Kage Baker thought the description of the Squeers family, in Charles Dickens’ Nicholas Nickelby, was about the funniest family ever committed to paper.
They are a sort of ghastly, but affectionate, ogre family who run an appalling boys’ school wherein the titular hero of the novel is an unhappy schoolmaster. Briefly. It all ends in tears, bloodshed and hyperbole, because the Squeers are only affectionate to one another. To everyone else, they are absolutely horrible – except for the daughter of the family, Miss Fanny Squeers, who is convinced she is a deathless beauty and falls in love with anything in trousers …
Fanny was Kage’s favourite. She even used the character in a bespoke story about Springheel Jack, and laughed her ass off the entire time she wrote the dialogue. It appeared in, I think, The Mammoth Book if Dickensian Whodunits, edited by Mike Ashley; Carroll & Graf, October 2007.
Since I have been mistaken about where I published my own stories lately, I could be wrong about this. My brain is leaking out my ears … but I think this is the one.
My day has been a long, long sled ride today, on a broken sled, over a morass of flaming shit. I have had severe problems with online systems which I desperately need to access, in order to pay bills and prove to the state of California that I am not dead, not in good health, and still in need of my disability benefits. ALL these systems refuse to acknowledge my user names or passwords, most have informed me I do not exist, and I have had it with all of them. Absolutely nothing has been accomplished.

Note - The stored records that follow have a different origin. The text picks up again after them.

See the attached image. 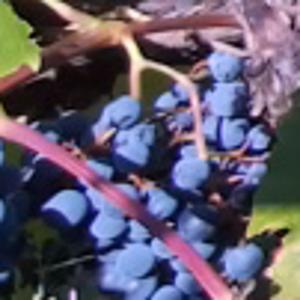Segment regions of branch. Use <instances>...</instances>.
I'll use <instances>...</instances> for the list:
<instances>
[{
    "instance_id": "obj_1",
    "label": "branch",
    "mask_w": 300,
    "mask_h": 300,
    "mask_svg": "<svg viewBox=\"0 0 300 300\" xmlns=\"http://www.w3.org/2000/svg\"><path fill=\"white\" fill-rule=\"evenodd\" d=\"M0 137L55 161L62 166L63 175L66 178L89 186L111 200L114 205L133 218V223L139 226L148 237L162 240V243L190 270V275L198 286L206 291L210 300H235L233 294L197 250H190L177 241L176 232L163 222H154L147 217L146 211L137 200L125 195L120 187H114L95 170L77 163L55 140L39 130L6 116H0Z\"/></svg>"
},
{
    "instance_id": "obj_2",
    "label": "branch",
    "mask_w": 300,
    "mask_h": 300,
    "mask_svg": "<svg viewBox=\"0 0 300 300\" xmlns=\"http://www.w3.org/2000/svg\"><path fill=\"white\" fill-rule=\"evenodd\" d=\"M238 30L240 21L235 16L163 17L146 21L128 18H106L101 22L75 29L71 35L41 49L40 74L71 57L88 50L116 47L139 35L166 34L181 29Z\"/></svg>"
},
{
    "instance_id": "obj_3",
    "label": "branch",
    "mask_w": 300,
    "mask_h": 300,
    "mask_svg": "<svg viewBox=\"0 0 300 300\" xmlns=\"http://www.w3.org/2000/svg\"><path fill=\"white\" fill-rule=\"evenodd\" d=\"M35 80V72L28 64H22L16 72L6 74L0 79V100L15 91L21 85Z\"/></svg>"
}]
</instances>
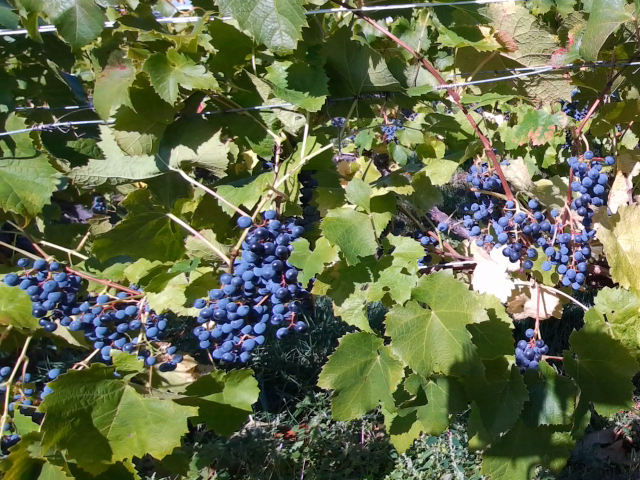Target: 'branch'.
<instances>
[{
  "instance_id": "obj_2",
  "label": "branch",
  "mask_w": 640,
  "mask_h": 480,
  "mask_svg": "<svg viewBox=\"0 0 640 480\" xmlns=\"http://www.w3.org/2000/svg\"><path fill=\"white\" fill-rule=\"evenodd\" d=\"M23 234L26 238V240L29 242L30 245H32L44 258L48 259L49 261L54 262L55 264H57L59 267H61L62 269L68 271L70 274L75 275V276H79L83 279H86L90 282L96 283V284H101L103 286H109L112 288H116L118 290L124 291V292H129L131 294H134L137 297H142L143 293L139 292L138 290H133L130 289L127 286L115 283V282H111V281H106L104 279H99V278H95L92 277L88 274H85L84 272L81 271H77L74 270L72 267H70L69 265L63 263L61 260H59L58 258H56L55 256H52L51 254L47 253L44 251V249L37 243L35 242L32 237L30 236L29 232L27 229L23 230Z\"/></svg>"
},
{
  "instance_id": "obj_4",
  "label": "branch",
  "mask_w": 640,
  "mask_h": 480,
  "mask_svg": "<svg viewBox=\"0 0 640 480\" xmlns=\"http://www.w3.org/2000/svg\"><path fill=\"white\" fill-rule=\"evenodd\" d=\"M354 15L362 18L363 20L367 21L374 29H376L377 31H379L380 33H383L384 35H386L387 37H389L392 41H394L395 43L403 46L406 50H408L413 56H415L422 64H424V67L442 84V85H446L447 81L433 68L431 67V65L428 63V61L416 50H414L410 45H408L405 41L401 40L400 38H398L397 36L393 35L390 31H388L387 29L383 28L382 26L378 25L373 19H371L368 15L364 14V13H353Z\"/></svg>"
},
{
  "instance_id": "obj_8",
  "label": "branch",
  "mask_w": 640,
  "mask_h": 480,
  "mask_svg": "<svg viewBox=\"0 0 640 480\" xmlns=\"http://www.w3.org/2000/svg\"><path fill=\"white\" fill-rule=\"evenodd\" d=\"M568 178H569V181L567 182V198H568L567 205L571 206L572 189H570V185H571V182L573 181V170H572V168H569Z\"/></svg>"
},
{
  "instance_id": "obj_9",
  "label": "branch",
  "mask_w": 640,
  "mask_h": 480,
  "mask_svg": "<svg viewBox=\"0 0 640 480\" xmlns=\"http://www.w3.org/2000/svg\"><path fill=\"white\" fill-rule=\"evenodd\" d=\"M333 3H334V4H336V5H339V6H341V7L347 8V9H351V8H353V5H352V4H349V3L343 2V1H341V0H333Z\"/></svg>"
},
{
  "instance_id": "obj_1",
  "label": "branch",
  "mask_w": 640,
  "mask_h": 480,
  "mask_svg": "<svg viewBox=\"0 0 640 480\" xmlns=\"http://www.w3.org/2000/svg\"><path fill=\"white\" fill-rule=\"evenodd\" d=\"M280 141L281 138L280 137H276L275 138V168L273 171V187L275 189V198H276V218L280 217L281 214V206H282V197L280 195V185H282L285 181H287L290 176L305 162H307L308 160H310L311 158L322 154L324 152H326L327 150H329L330 148L334 147L335 145L338 144L337 140H333L331 142H329L328 144H326L325 146H323L322 148H319L309 154H307L306 156L302 157L298 162H296L287 172L286 174L278 179V174L280 171Z\"/></svg>"
},
{
  "instance_id": "obj_3",
  "label": "branch",
  "mask_w": 640,
  "mask_h": 480,
  "mask_svg": "<svg viewBox=\"0 0 640 480\" xmlns=\"http://www.w3.org/2000/svg\"><path fill=\"white\" fill-rule=\"evenodd\" d=\"M447 92L453 97V99L455 100V103L457 105V107L461 110V112L464 114L465 118L467 119V121L471 124V126L473 127V129L475 130L481 144L485 147V149L488 152L490 161L494 164V166L496 167L497 170V174L499 176V178L502 181V186L505 190L506 193V197L508 201H513L514 197H513V193L511 192L508 183H507V178L505 177L501 165L499 163V161L495 158L494 153L492 152V147L488 144V142L485 140V137L483 136L482 131L480 130L478 124L473 120V118L471 117V115L469 114V112L467 111V109L465 108V106L462 104V102L460 101V98L458 96V94L451 88L448 89Z\"/></svg>"
},
{
  "instance_id": "obj_7",
  "label": "branch",
  "mask_w": 640,
  "mask_h": 480,
  "mask_svg": "<svg viewBox=\"0 0 640 480\" xmlns=\"http://www.w3.org/2000/svg\"><path fill=\"white\" fill-rule=\"evenodd\" d=\"M272 196H273V192L272 191H269L266 194V196L263 198L262 202L258 205L256 210L252 213V215L250 217L251 221H254L257 218V216L262 211V209L268 204V201L271 199Z\"/></svg>"
},
{
  "instance_id": "obj_5",
  "label": "branch",
  "mask_w": 640,
  "mask_h": 480,
  "mask_svg": "<svg viewBox=\"0 0 640 480\" xmlns=\"http://www.w3.org/2000/svg\"><path fill=\"white\" fill-rule=\"evenodd\" d=\"M627 69H628V67H623L620 71H618L615 75H613V77L611 78L609 83L599 93V95L597 97V100L595 101L594 105L589 109L587 114L584 116V119L579 123L578 127L571 134V137L574 138V144H573V147H572V150H571V155L572 156H576V147H577V144H578V135H579V133L582 131L583 127L587 124V121L591 118L593 113L598 109V107L601 104L602 99L605 96V94L614 86V84L618 80V77L622 73L627 71Z\"/></svg>"
},
{
  "instance_id": "obj_6",
  "label": "branch",
  "mask_w": 640,
  "mask_h": 480,
  "mask_svg": "<svg viewBox=\"0 0 640 480\" xmlns=\"http://www.w3.org/2000/svg\"><path fill=\"white\" fill-rule=\"evenodd\" d=\"M250 232H251V228H250V227H247V228L244 230V232L239 236L238 241L236 242V244H235V246H234V249H233V251H232V256H231V258H230V260H229V264H228V272H229V273H232V272H233V266H234V263H235V261H236V259H237L238 251H239V249H240V247H241V245H242V243H243L244 239L248 236V234H249Z\"/></svg>"
}]
</instances>

The one time I got a live clerk, she sent me a verification code via phone – and then told me her system could not recognize it when I repeated it back to her. And by then, I had tried too many times to be accommodated until another 12 hours goes by.
Hence the title. For context, and for your amusement, Dear Reader, I attach here the original letter from NN, which so entertained Kage. You should have heard her acting it out …

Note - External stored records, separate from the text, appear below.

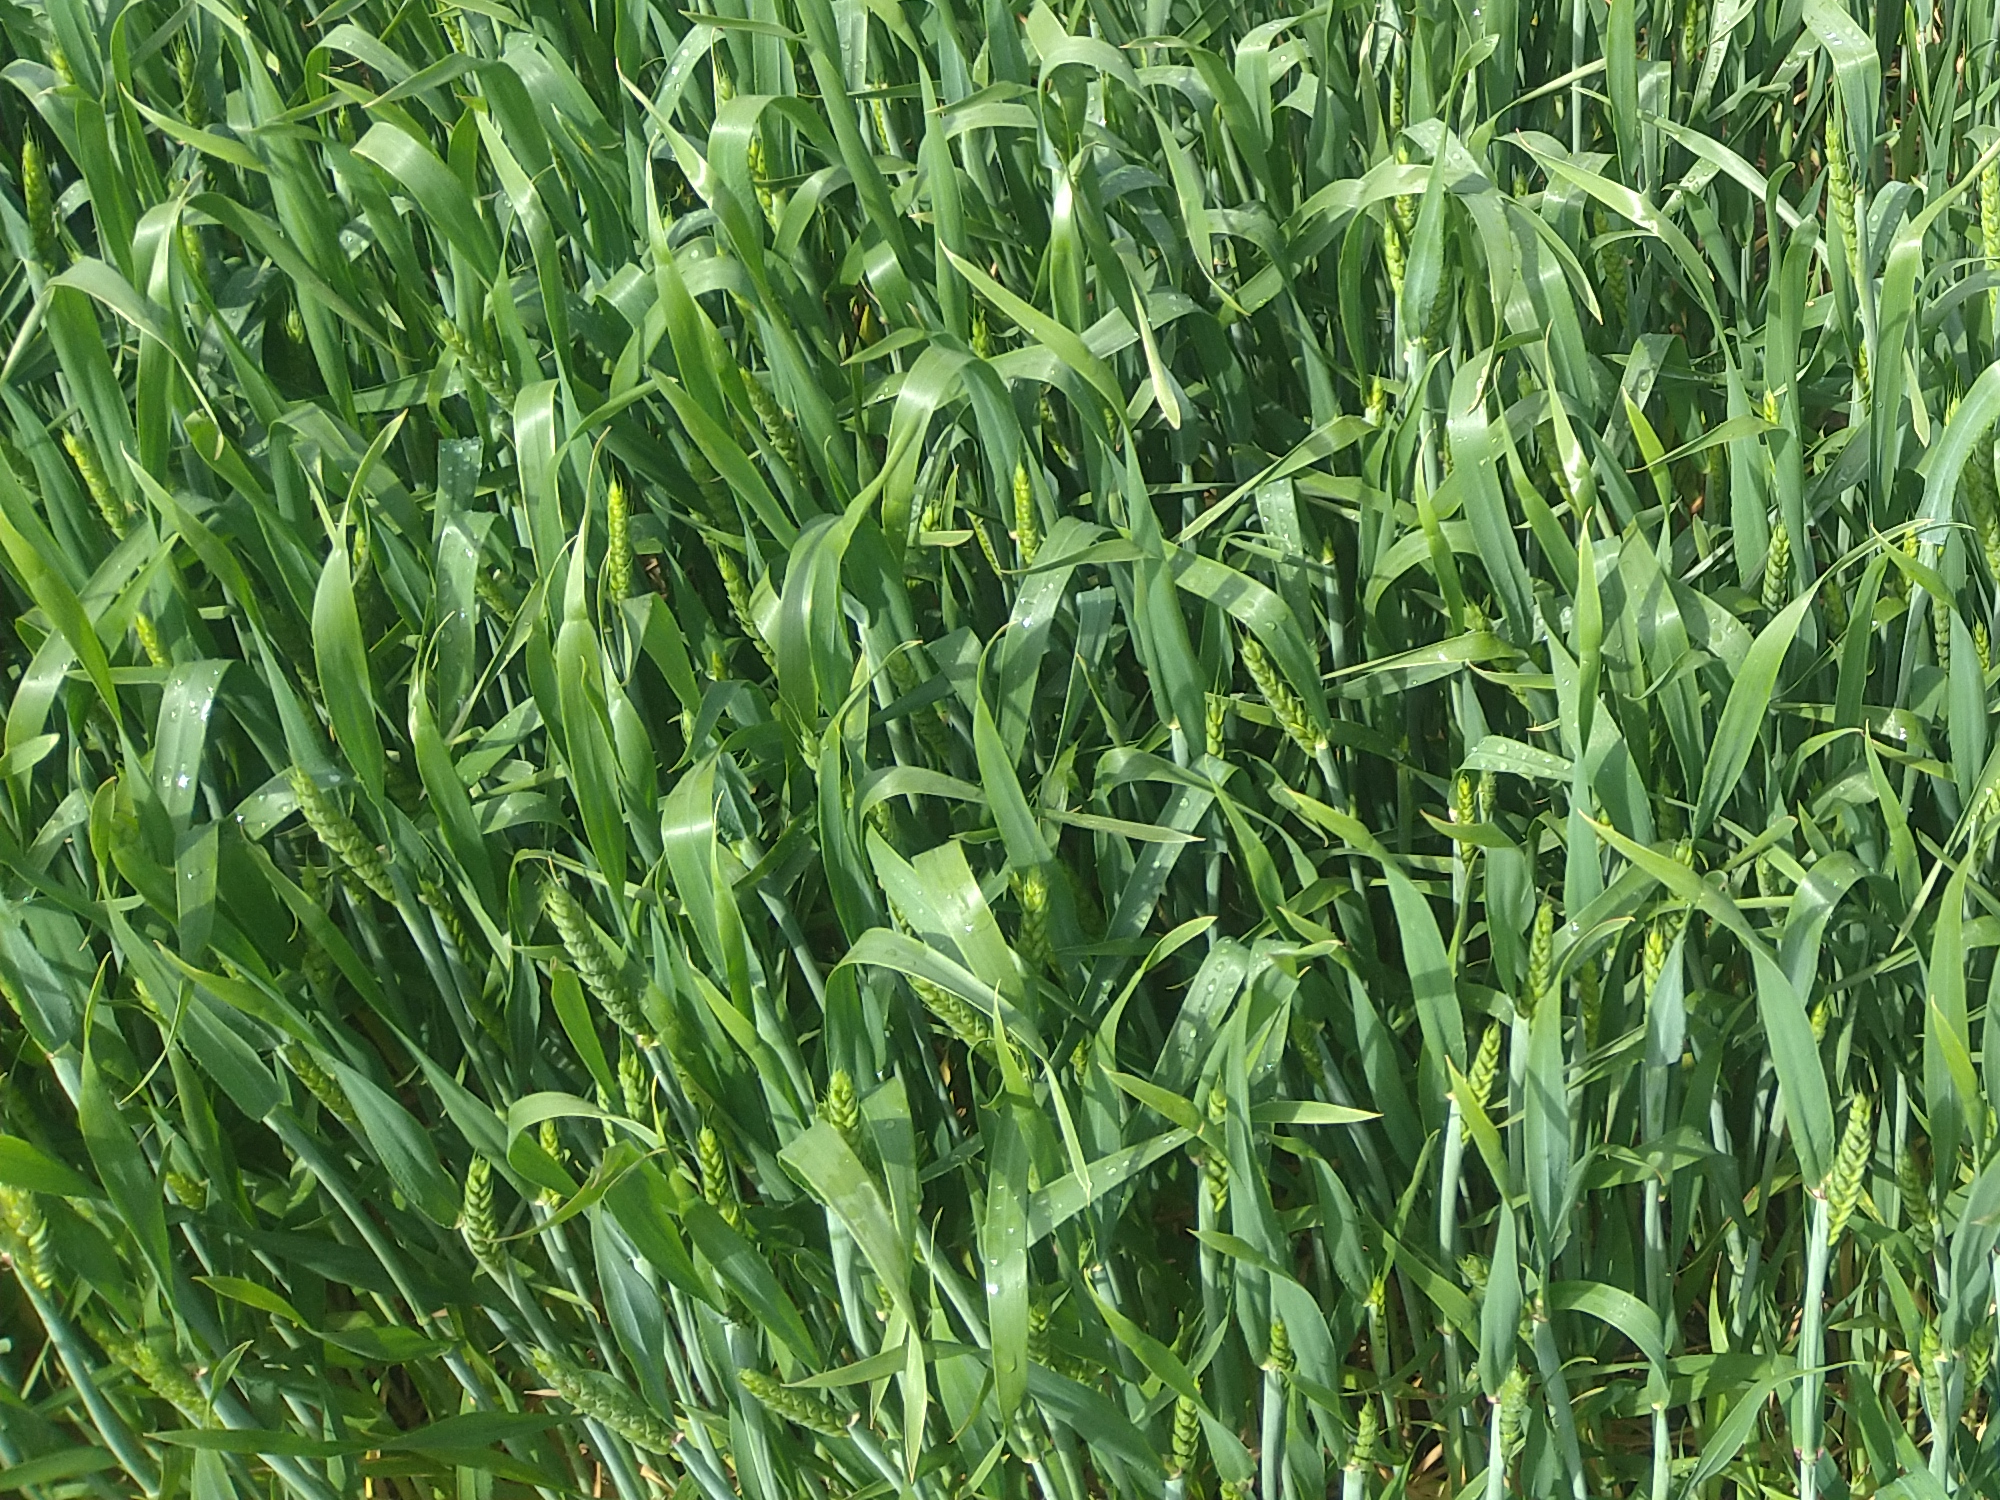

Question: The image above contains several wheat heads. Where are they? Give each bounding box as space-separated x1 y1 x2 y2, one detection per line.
291 768 395 884
607 480 633 601
1391 133 1421 241
78 1316 164 1380
1978 828 1992 869
1268 1312 1291 1375
887 652 949 754
1595 209 1631 323
1456 1254 1537 1345
671 1046 705 1110
177 30 203 151
1663 843 1694 956
1466 605 1527 701
1459 1019 1503 1148
1824 1096 1871 1243
435 0 471 85
1480 767 1497 801
911 1232 928 1266
181 221 204 272
737 1367 851 1435
1015 880 1047 966
829 1068 864 1152
1501 1371 1527 1454
1900 1148 1943 1233
1218 1454 1255 1498
1025 1301 1049 1368
1820 574 1850 638
62 427 130 541
4 984 28 1029
166 1170 206 1208
1517 903 1556 1008
923 503 945 539
1514 166 1528 200
1645 928 1666 1018
131 609 172 670
811 1101 829 1125
1239 637 1320 746
430 888 471 963
1349 1398 1377 1468
1444 429 1453 482
678 445 737 537
970 510 998 569
740 369 799 483
905 972 1011 1063
1943 392 1962 430
282 309 316 391
1581 953 1603 1056
1986 754 2000 838
866 1112 886 1180
740 304 768 355
261 600 326 696
1453 773 1471 864
617 1044 650 1130
1016 461 1044 563
346 532 376 630
1047 1345 1082 1384
1973 619 1989 677
715 69 738 116
1368 1273 1385 1346
878 1270 896 1313
48 38 73 89
716 541 778 671
1035 395 1075 465
1807 1002 1826 1048
1981 142 2000 312
1656 764 1690 838
1055 858 1109 942
1899 524 1920 603
865 85 891 154
697 1127 742 1235
295 1057 348 1115
878 796 905 862
1104 408 1115 445
597 1081 616 1149
1930 590 1950 671
796 729 853 798
969 311 990 361
474 564 515 623
1389 40 1408 148
1962 792 1989 835
1920 1322 1950 1424
437 312 522 414
1761 519 1789 618
1973 427 1998 507
746 122 774 222
297 863 323 982
1684 0 1696 58
1205 693 1227 759
1961 462 2000 611
463 1150 506 1275
1070 1022 1086 1072
526 1353 681 1458
1712 446 1725 525
142 1350 227 1431
1777 1304 1804 1342
889 895 928 942
540 1115 562 1209
1204 1088 1233 1209
1173 1382 1200 1471
1423 256 1450 340
1382 203 1403 286
1965 1316 1998 1418
1366 374 1386 429
545 888 653 1043
1519 371 1575 504
1762 389 1775 427
1592 806 1611 855
1860 340 1871 417
1824 112 1861 272
21 140 67 269
0 1184 54 1286

“My pa requests me to write to you. The doctors considering it doubtful whether he will ever recuvver the use of his legs which prevents his holding a pen.
“We are in a state of mind beyond everything, and my pa is one-mask of brooses both blue and green likewise two forms are steepled in his Goar. We were kimpelled to have him carried down into the kitchen where he now lays. You will judge from this that he has been brought very low.
“When your nevew that you recommended for a teacher had done this to my pa and jumped upon his body with his feet and also langwedge which I will not pollewt my pen with describing, he assaulted my ma with dreadful violence, dashed her to the earth, and drove her back comb several inches into her head. A very little more and it must have entered her skull. We have a medical certifiket that if it had, the tortershell would have affected the brain.
“Me and my brother were then the victims of his feury since which we have suffered very much which leads us to the arrowing belief that we have received some injury in our insides, especially as no marks of violence are visible externally. I am screaming out loud all the time I write and so is my brother which takes off my attention rather, and I hope will excuse mistakes.
“The monster having satiated his thirst for blood ran away, taking with him a boy of desperate caracter that he had excited to rebellyon, and a garnet ring belonging to my ma, and not having been apprehended by the constables is supposed to have been took up by some stage-coach. My pa begs that if he comes to you the ring may be returned, and that you will let the thief and assassin go, as if we prosecuted him he would only be transported, and if he is let go he is sure to be hung before long, which will save us trouble, and be much more satisfactory.
Hoping to hear from you when convenient
“Yours and cetrer
“P.S. I pity his ignorance and despise him.”